Prompt -
Go through the entries below and print, exactly, the lines starting at the one with "601.44c-32.602 0.02-65.203 0.043-97.801-0.082v13.035c0.02" and ending at the one with "2.562-5.668 8.102-3.129 12.363", keeping both ends and no others.

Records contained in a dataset
┏━━

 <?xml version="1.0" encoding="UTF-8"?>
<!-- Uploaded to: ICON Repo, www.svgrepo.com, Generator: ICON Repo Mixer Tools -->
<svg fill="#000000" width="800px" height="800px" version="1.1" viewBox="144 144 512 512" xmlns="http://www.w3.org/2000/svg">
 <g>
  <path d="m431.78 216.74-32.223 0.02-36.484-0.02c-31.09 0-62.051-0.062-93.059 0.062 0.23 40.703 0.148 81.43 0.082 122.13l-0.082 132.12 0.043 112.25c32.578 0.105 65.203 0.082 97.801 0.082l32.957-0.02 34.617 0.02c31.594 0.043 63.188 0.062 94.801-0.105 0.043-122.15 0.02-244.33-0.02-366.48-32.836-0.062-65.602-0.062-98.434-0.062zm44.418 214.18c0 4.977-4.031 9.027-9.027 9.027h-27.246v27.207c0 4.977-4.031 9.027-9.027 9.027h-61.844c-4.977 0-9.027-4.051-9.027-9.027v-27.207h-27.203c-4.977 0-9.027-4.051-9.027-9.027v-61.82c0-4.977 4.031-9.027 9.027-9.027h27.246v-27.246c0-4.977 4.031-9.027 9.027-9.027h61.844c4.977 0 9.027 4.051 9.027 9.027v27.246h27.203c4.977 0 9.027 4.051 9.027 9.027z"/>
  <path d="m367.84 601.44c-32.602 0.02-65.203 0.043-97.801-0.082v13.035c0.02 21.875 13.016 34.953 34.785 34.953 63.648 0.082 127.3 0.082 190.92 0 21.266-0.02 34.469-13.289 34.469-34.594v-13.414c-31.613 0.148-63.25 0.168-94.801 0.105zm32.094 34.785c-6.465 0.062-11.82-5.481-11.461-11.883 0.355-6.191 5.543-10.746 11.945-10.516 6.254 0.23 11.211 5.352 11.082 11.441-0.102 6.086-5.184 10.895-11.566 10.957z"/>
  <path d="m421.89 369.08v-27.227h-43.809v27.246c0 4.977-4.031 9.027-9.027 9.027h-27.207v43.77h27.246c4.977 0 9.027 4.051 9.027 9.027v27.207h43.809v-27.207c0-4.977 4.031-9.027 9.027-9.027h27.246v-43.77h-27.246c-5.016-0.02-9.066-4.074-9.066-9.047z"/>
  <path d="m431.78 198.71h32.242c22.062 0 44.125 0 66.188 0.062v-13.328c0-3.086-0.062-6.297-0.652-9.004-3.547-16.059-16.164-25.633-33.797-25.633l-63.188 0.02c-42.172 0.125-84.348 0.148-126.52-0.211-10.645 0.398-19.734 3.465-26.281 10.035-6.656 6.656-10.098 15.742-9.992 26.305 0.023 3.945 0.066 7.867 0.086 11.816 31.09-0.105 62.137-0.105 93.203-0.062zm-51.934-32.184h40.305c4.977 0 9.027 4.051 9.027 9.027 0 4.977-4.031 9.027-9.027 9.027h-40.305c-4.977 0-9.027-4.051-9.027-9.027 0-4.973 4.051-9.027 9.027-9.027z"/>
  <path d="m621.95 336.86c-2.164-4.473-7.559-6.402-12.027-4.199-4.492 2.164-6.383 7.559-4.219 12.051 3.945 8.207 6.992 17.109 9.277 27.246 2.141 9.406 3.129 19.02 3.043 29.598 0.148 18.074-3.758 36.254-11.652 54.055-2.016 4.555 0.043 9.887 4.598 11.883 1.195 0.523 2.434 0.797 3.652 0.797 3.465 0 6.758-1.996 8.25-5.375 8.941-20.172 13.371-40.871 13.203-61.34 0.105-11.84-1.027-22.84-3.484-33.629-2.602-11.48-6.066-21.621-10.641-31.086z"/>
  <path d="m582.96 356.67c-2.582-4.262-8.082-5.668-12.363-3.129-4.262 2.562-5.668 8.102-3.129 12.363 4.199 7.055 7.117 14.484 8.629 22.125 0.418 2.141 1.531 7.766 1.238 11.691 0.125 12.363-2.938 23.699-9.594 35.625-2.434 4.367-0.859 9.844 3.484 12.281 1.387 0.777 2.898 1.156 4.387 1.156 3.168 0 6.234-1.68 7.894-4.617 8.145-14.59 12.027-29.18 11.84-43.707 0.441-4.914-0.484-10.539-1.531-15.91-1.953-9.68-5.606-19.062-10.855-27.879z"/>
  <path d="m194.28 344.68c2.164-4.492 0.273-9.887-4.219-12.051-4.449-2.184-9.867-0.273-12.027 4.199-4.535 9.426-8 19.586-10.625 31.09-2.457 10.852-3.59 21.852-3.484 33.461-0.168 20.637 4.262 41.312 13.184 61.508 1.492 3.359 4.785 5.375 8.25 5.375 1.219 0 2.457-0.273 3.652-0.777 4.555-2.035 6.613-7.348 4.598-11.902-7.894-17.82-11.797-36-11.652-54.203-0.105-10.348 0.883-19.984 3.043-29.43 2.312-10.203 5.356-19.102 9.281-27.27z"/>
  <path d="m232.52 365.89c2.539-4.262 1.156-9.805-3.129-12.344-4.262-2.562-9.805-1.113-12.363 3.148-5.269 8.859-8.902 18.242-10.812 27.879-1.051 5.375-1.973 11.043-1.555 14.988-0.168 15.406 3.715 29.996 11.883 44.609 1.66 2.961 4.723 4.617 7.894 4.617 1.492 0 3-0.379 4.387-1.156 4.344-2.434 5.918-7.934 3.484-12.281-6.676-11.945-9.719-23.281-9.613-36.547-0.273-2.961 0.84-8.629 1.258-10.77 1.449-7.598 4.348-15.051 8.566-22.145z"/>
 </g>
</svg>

┗━━

Result of the task -
  <path d="m367.84 601.44c-32.602 0.02-65.203 0.043-97.801-0.082v13.035c0.02 21.875 13.016 34.953 34.785 34.953 63.648 0.082 127.3 0.082 190.92 0 21.266-0.02 34.469-13.289 34.469-34.594v-13.414c-31.613 0.148-63.25 0.168-94.801 0.105zm32.094 34.785c-6.465 0.062-11.82-5.481-11.461-11.883 0.355-6.191 5.543-10.746 11.945-10.516 6.254 0.23 11.211 5.352 11.082 11.441-0.102 6.086-5.184 10.895-11.566 10.957z"/>
  <path d="m421.89 369.08v-27.227h-43.809v27.246c0 4.977-4.031 9.027-9.027 9.027h-27.207v43.77h27.246c4.977 0 9.027 4.051 9.027 9.027v27.207h43.809v-27.207c0-4.977 4.031-9.027 9.027-9.027h27.246v-43.77h-27.246c-5.016-0.02-9.066-4.074-9.066-9.047z"/>
  <path d="m431.78 198.71h32.242c22.062 0 44.125 0 66.188 0.062v-13.328c0-3.086-0.062-6.297-0.652-9.004-3.547-16.059-16.164-25.633-33.797-25.633l-63.188 0.02c-42.172 0.125-84.348 0.148-126.52-0.211-10.645 0.398-19.734 3.465-26.281 10.035-6.656 6.656-10.098 15.742-9.992 26.305 0.023 3.945 0.066 7.867 0.086 11.816 31.09-0.105 62.137-0.105 93.203-0.062zm-51.934-32.184h40.305c4.977 0 9.027 4.051 9.027 9.027 0 4.977-4.031 9.027-9.027 9.027h-40.305c-4.977 0-9.027-4.051-9.027-9.027 0-4.973 4.051-9.027 9.027-9.027z"/>
  <path d="m621.95 336.86c-2.164-4.473-7.559-6.402-12.027-4.199-4.492 2.164-6.383 7.559-4.219 12.051 3.945 8.207 6.992 17.109 9.277 27.246 2.141 9.406 3.129 19.02 3.043 29.598 0.148 18.074-3.758 36.254-11.652 54.055-2.016 4.555 0.043 9.887 4.598 11.883 1.195 0.523 2.434 0.797 3.652 0.797 3.465 0 6.758-1.996 8.25-5.375 8.941-20.172 13.371-40.871 13.203-61.34 0.105-11.84-1.027-22.84-3.484-33.629-2.602-11.48-6.066-21.621-10.641-31.086z"/>
  <path d="m582.96 356.67c-2.582-4.262-8.082-5.668-12.363-3.129-4.262 2.562-5.668 8.102-3.129 12.363 4.199 7.055 7.117 14.484 8.629 22.125 0.418 2.141 1.531 7.766 1.238 11.691 0.125 12.363-2.938 23.699-9.594 35.625-2.434 4.367-0.859 9.844 3.484 12.281 1.387 0.777 2.898 1.156 4.387 1.156 3.168 0 6.234-1.68 7.894-4.617 8.145-14.59 12.027-29.18 11.84-43.707 0.441-4.914-0.484-10.539-1.531-15.91-1.953-9.68-5.606-19.062-10.855-27.879z"/>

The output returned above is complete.